There might have been a Shakespeare in the colonies same way there was a Bob Dylan on Kobal.
 
So aside from copious uses of the word frak, Nu BSG dialogue was very contemporary Earth. And even then, it's clear from context frak is just meant to be fuck sneaking past the censors.
Imagine the manufactured outrage if Boothby had told Chakotay "get your fat ass into the ring" in The Fight. That or it would have provided one singular memorable thing for that episode.
 
But it's very hard to predict success - e.g. 'Wednesday' - the core fanbase of the 'Addams Family' are ALSO middle aged white men. But that show immediately attracted a lot of young, female audience as well. My guess is SFA was hoping for something similar, but just didn't reach exactly the right magic & then pivoted back to their core audience in their last marketing push.

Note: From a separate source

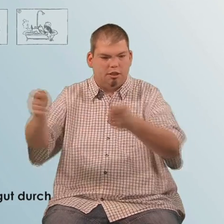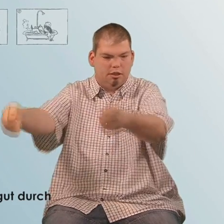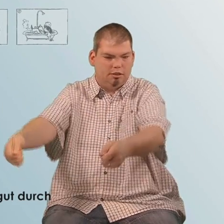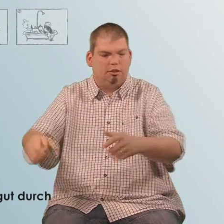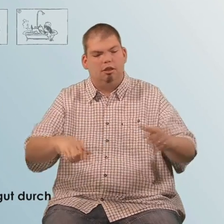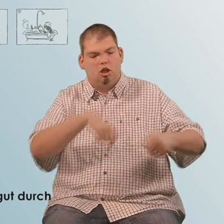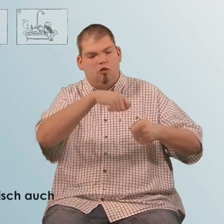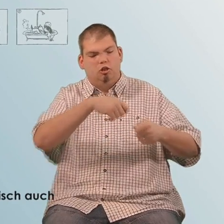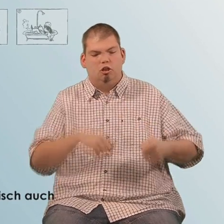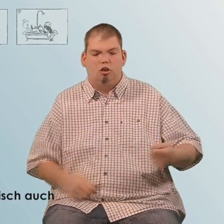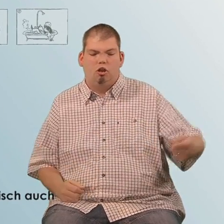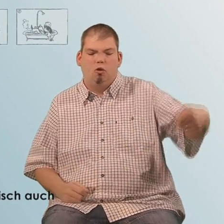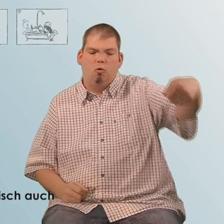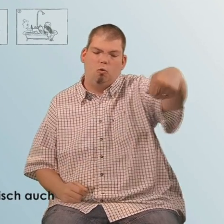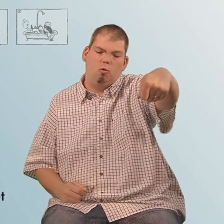durch und gießt das Gemisch auch noch in seinen Hut.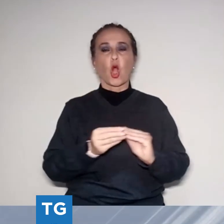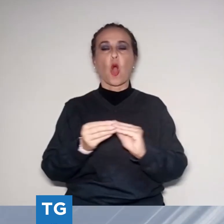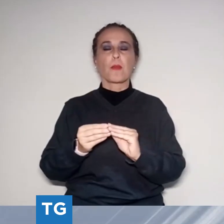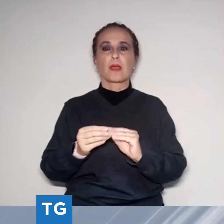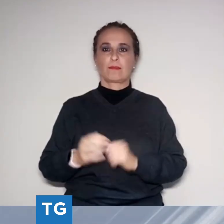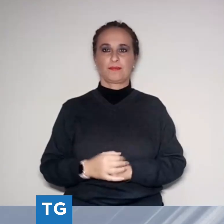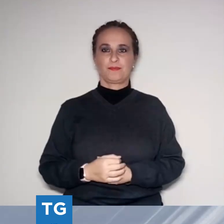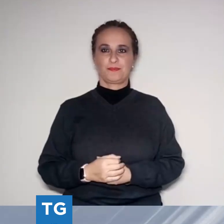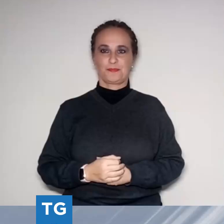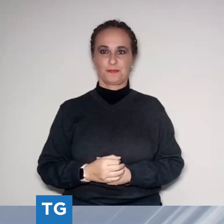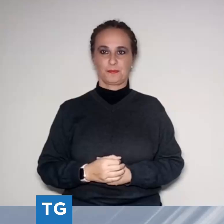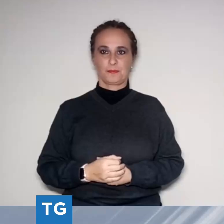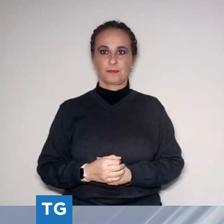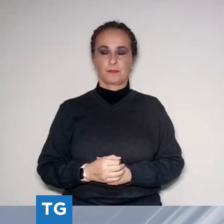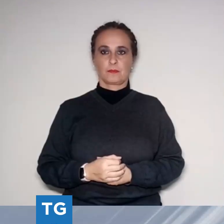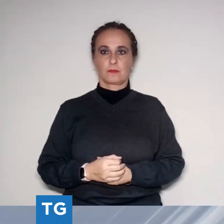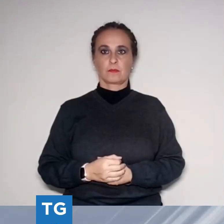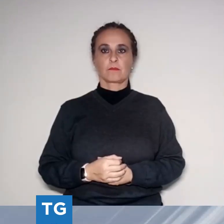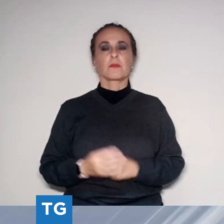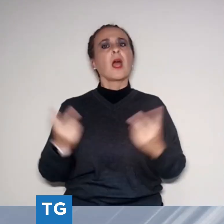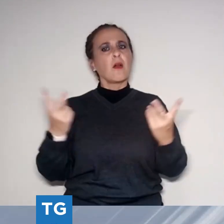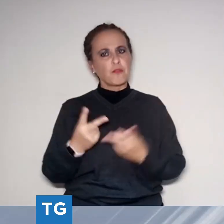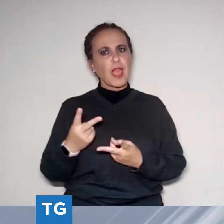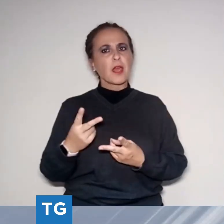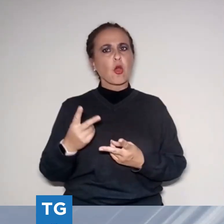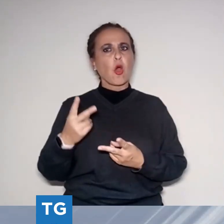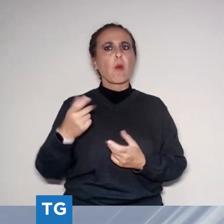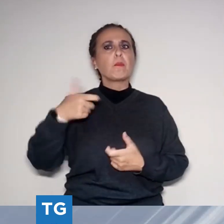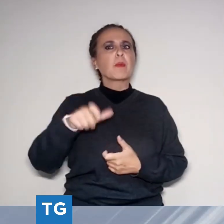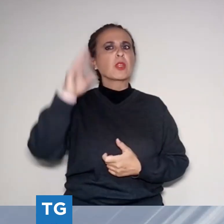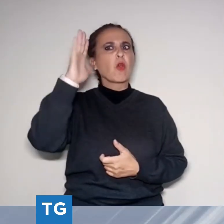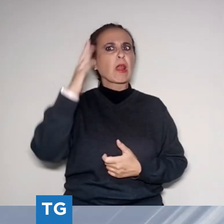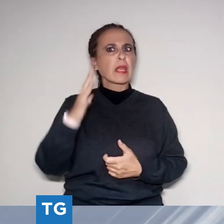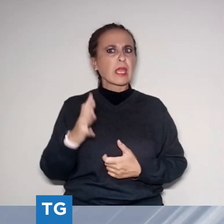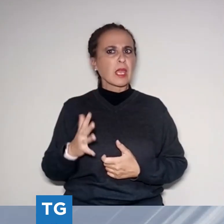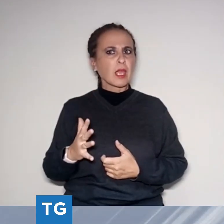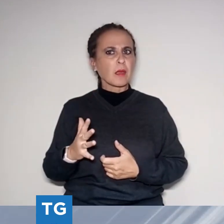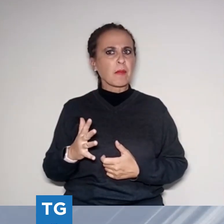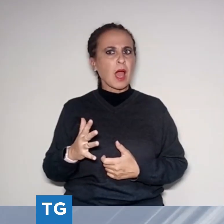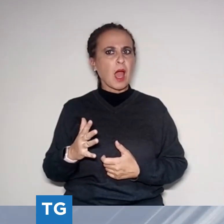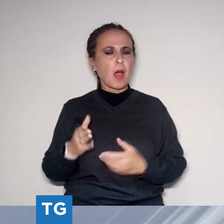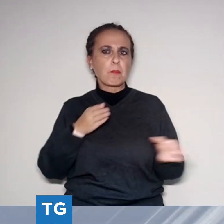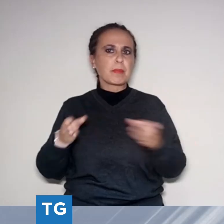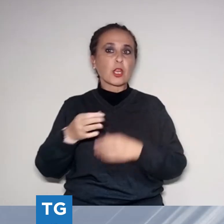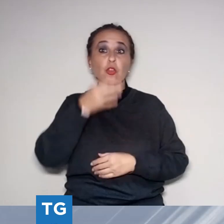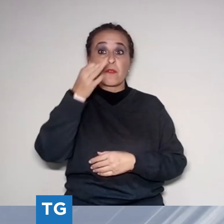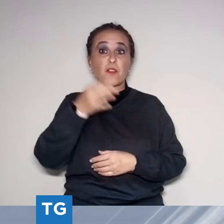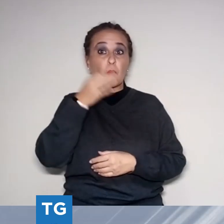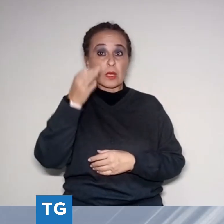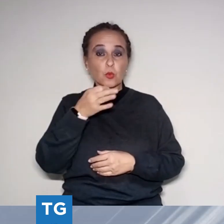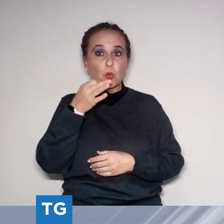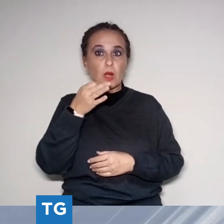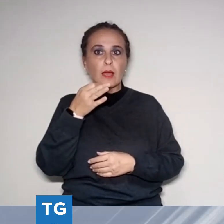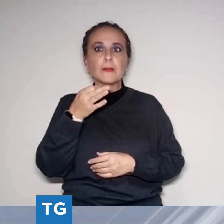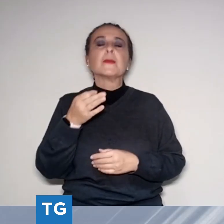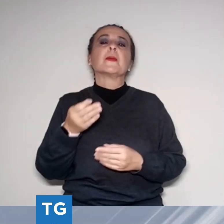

Wednesday is funny, well-written, has good actors and is consistent with the established Addamsverse as established by the 60s TV show, Charles Addam's cartoons and the movies. It got me right away. My wife is as much or more a fan.

I didn't watch DIS past a few shows in their 1st season, STA feels as chaotic and unclever as DIS. Whomever they're written for, it's not me. I don't feel this way about all NuTrek, I enjoyed LD and SNW very much, PRO was okay. But SFA and DIS leave me cold.